A TV screen showing John Eastman during a Jan. 6 Committee hearing

Former lawyer of former President Donald Trump, John Eastman, appears on screen during the fourth hearing by the House Select Committee to Investigate the January 6th Attack on the US Capitol in the Cannon House Office Building on June 21, 2022 in Washington, DC. (Photo by MANDEL NGAN/AFP via Getty Images)

The California bar slapped former President Donald Trump’s attorney John Eastman with nearly a dozen disciplinary charges for “false and misleading statements” alleging fraud in the 2020 election.

The State Bar of California’s Chief Trial Counsel George Cardona intends to seek Eastman’s disbarment for alleged violations of Business and Professions Code section 6106, which punishes making false and misleading statements that constitute acts of “moral turpitude, dishonesty, and corruption.”

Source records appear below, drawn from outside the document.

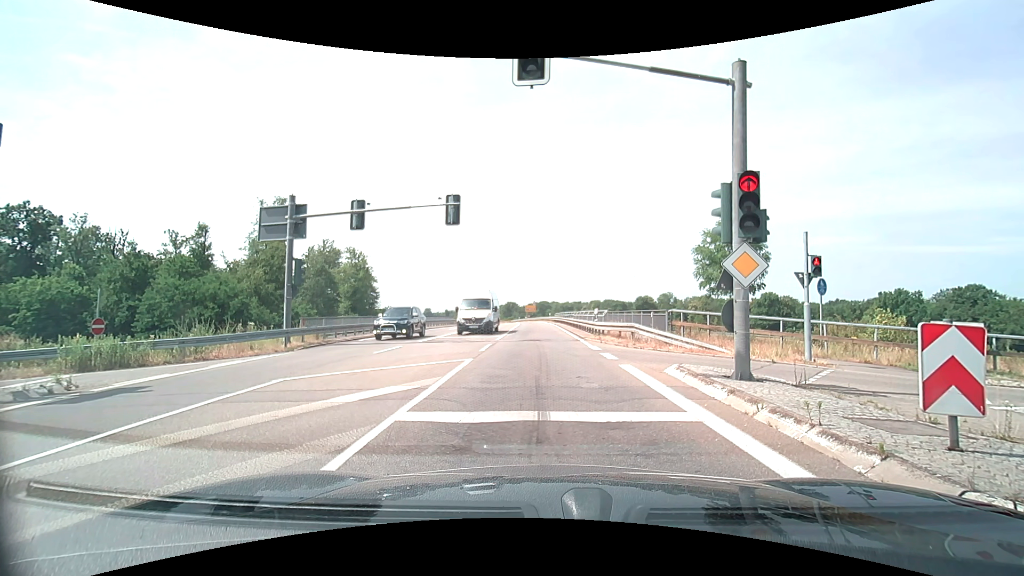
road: secondary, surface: asphalt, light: Day
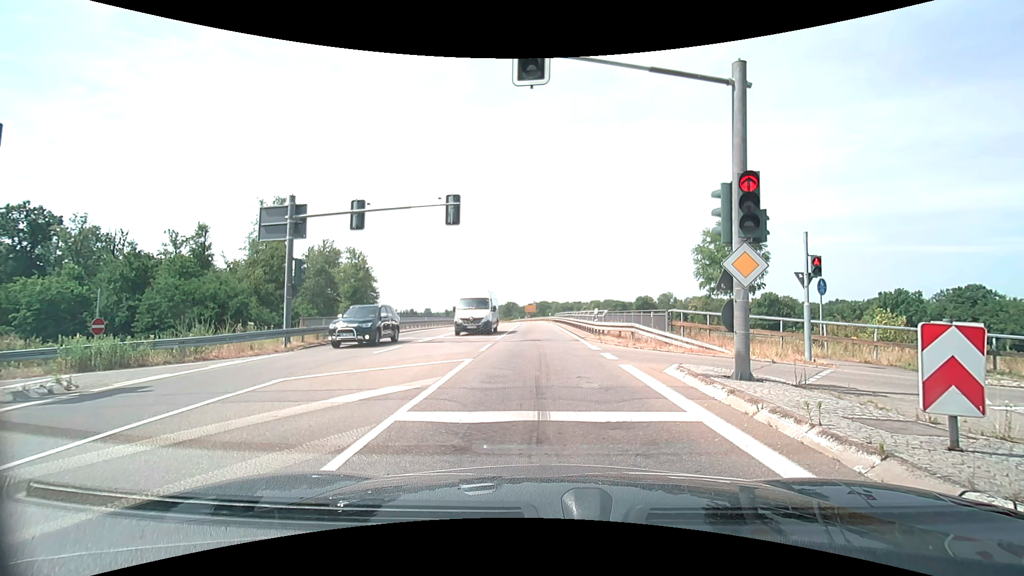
(0.0, 0.0) m; 0°
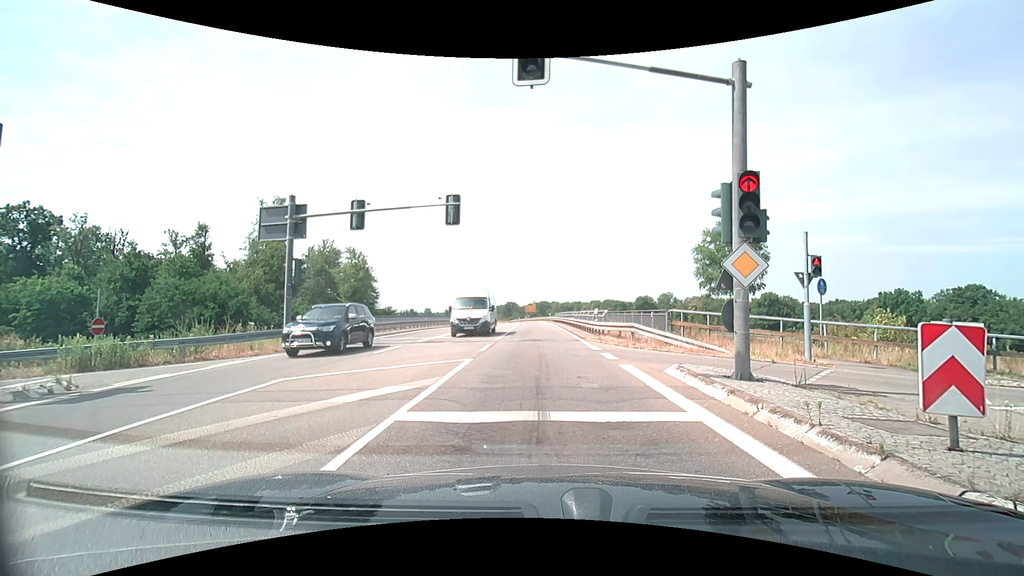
(0.0, 0.0) m; 0°
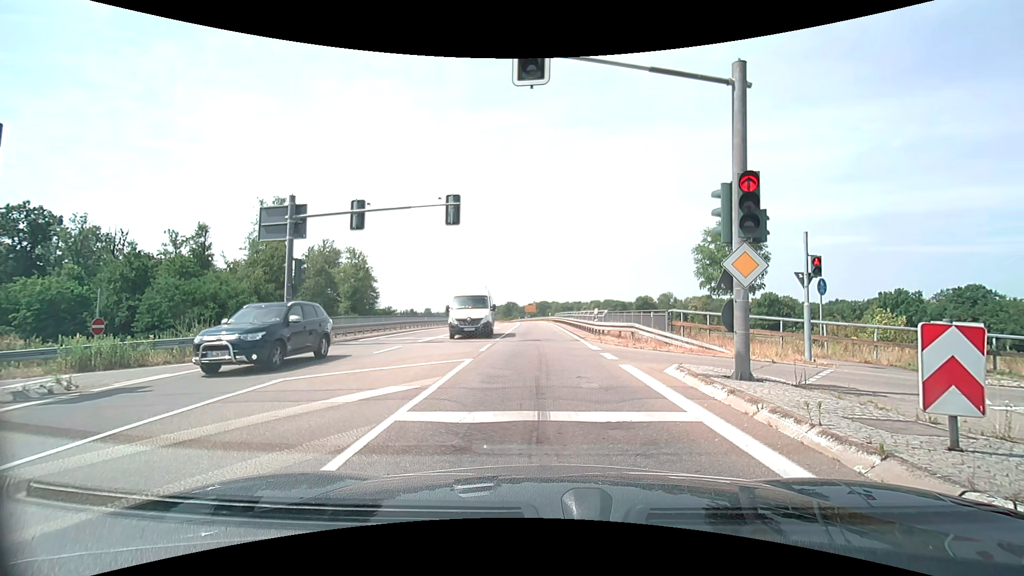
(0.0, 0.0) m; 0°
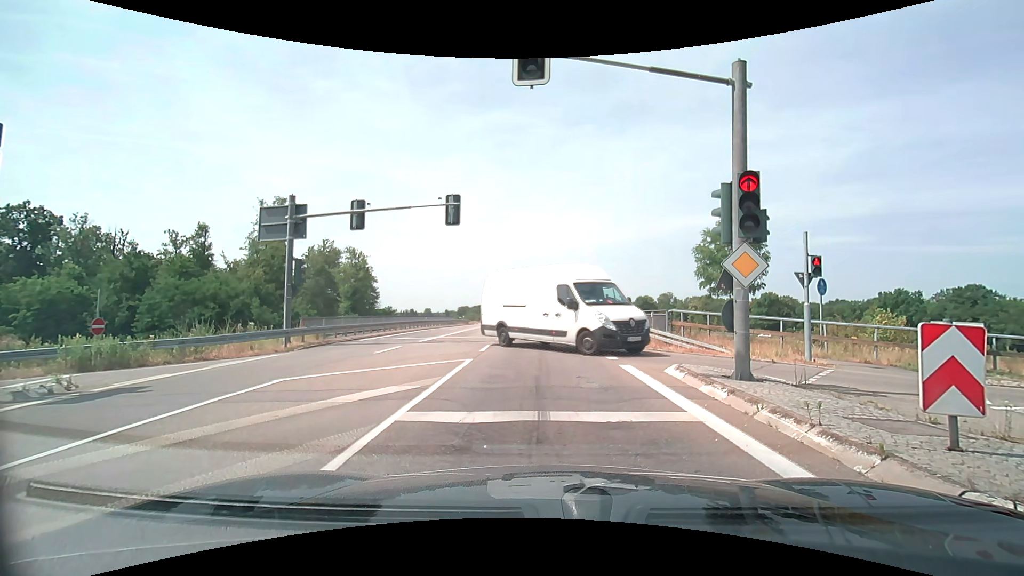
(0.0, 0.0) m; 0°
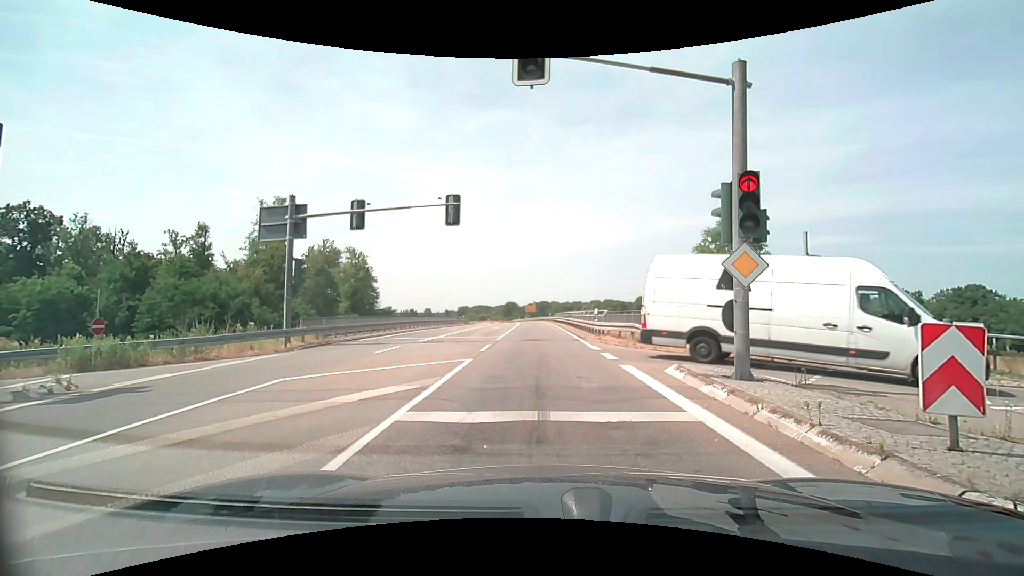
(0.0, 0.0) m; 0°
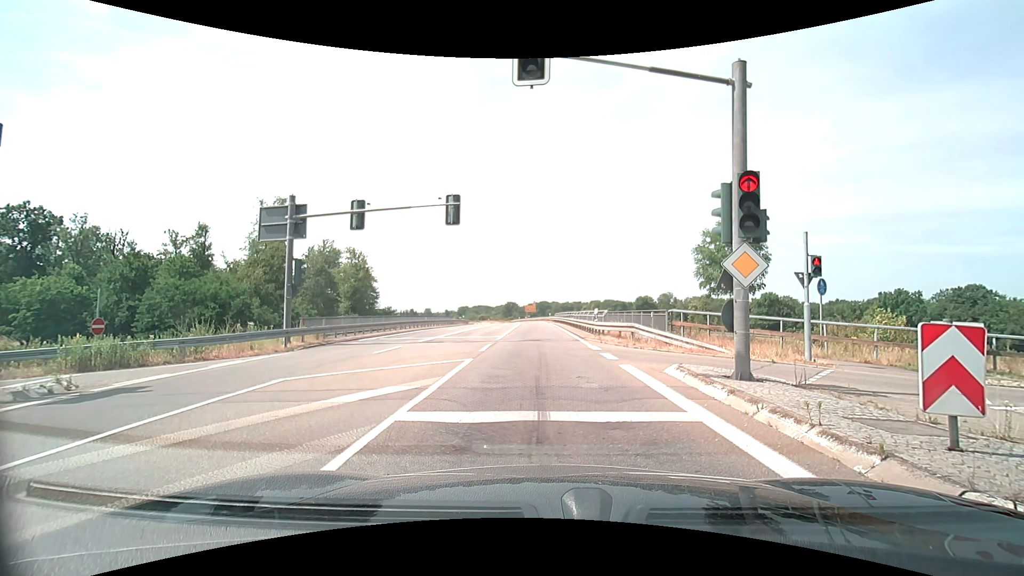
(0.0, 0.0) m; 0°
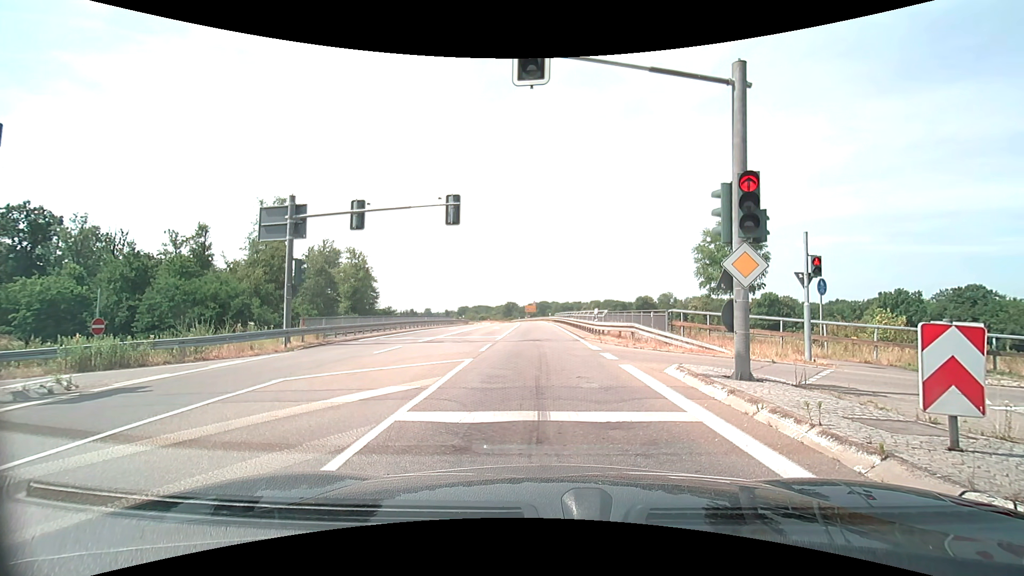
(0.0, 0.0) m; 0°
(0, +10) (0, +20) (-1, +30) (-1, +40) (-1, +50) (-2, +60) (-2, +70) (-3, +80) (-4, +90) (-5, +100) m

“There is nothing more sacrosanct to our American democracy than free and fair elections and the peaceful transfer of power,” Cardona said in a statement. “For California attorneys, adherence to the U.S. and California Constitutions is their highest legal duty. The Notice of Disciplinary Charges alleges that Mr. Eastman violated this duty in furtherance of an attempt to usurp the will of the American people and overturn election results for the highest office in the land — an egregious and unprecedented attack on our democracy — for which he must be held accountable.”

Eastman is the author of the so-called “coup memo,” a six-point plan to overturn the election results.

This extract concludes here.